芝棟(しばむね) (株)根岸俊雄都市建築事務所 代表取締役 根岸 俊雄

イラスト:芝棟(しばむね)写真は前橋市にある阿久沢家住宅です。この民家は、茅葺寄棟造りの桁行八間(15.3m)、梁間四間半(8.2m)の建物で、建造年代は17世紀と推定され、国指定重要文化財になっています。この住宅の屋根、棟部分をよくご覧下さい。緑色の植物が生えていますね。これが芝棟(しばむね)と言われるものです。

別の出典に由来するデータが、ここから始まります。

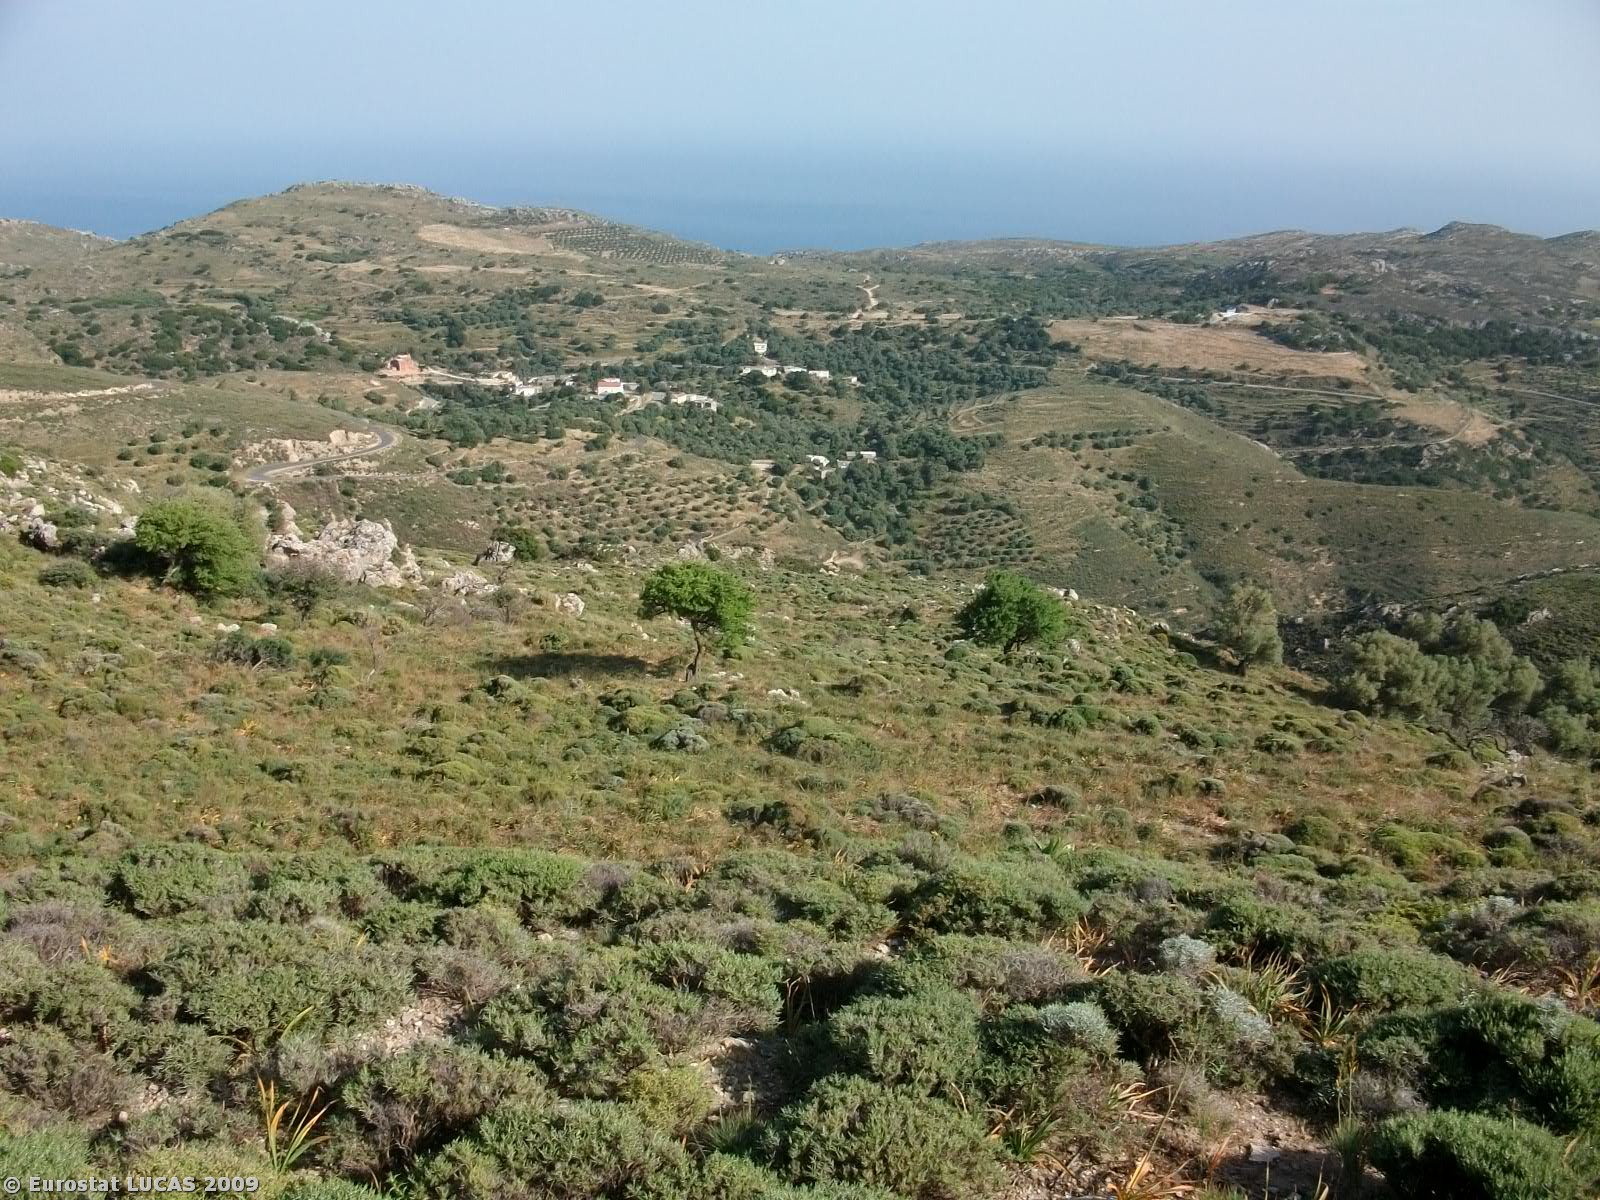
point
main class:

芝棟とは、茅葺屋根において棟からの雨漏りを防ぐための棟仕舞の一種です。まず棟の上に土を載せてしっかりと押さえ、次にその土が風雨に流されないように芝を植え、そしてその根が張ることで棟をしっかり固めるという、伝統的な技法なのです。棟に植える植物には、芝の他、イチハツ(アヤメの一種)、ショウブ、オニユリ、桔梗、イワマツなどがあります。まるで「屋根の花園」ですね。いずれもしっかりと根が張り、日照りに強く、そして花の咲く植物です。ですから、棟に花が咲けば、植えられている植物の根が張り、棟がしっかりと固められているという印になるのでした。

芝棟(しばむね)協力:前橋市教育委員会芝棟にはその他にもいろいろな植物が混生していました。野辺から採ってきた芝土には、いろいろな種子や球根や根茎などが混入していました。さらに、風や鳥によってもたらされる種子も多くありました。

また、地方によっては「もっぱら装飾の目的」でいろいろな草木を植え込むということもありました。こうなるともう芝棟は「屋上植物園」みたいになってしまいますね。

遠野地方を10年程前に旅行したある人が、「緑豊な田園の向こうに並ぶ茅葺民家、屋根にはオレンジや紫の花が咲き乱れる光景は、忘れられません」という感想を述べています。芝棟は象徴的な屋上緑化の元祖です。現代の住居においてもあったら楽しいと思います。どうにか工夫して残していきたい日本文化ですね。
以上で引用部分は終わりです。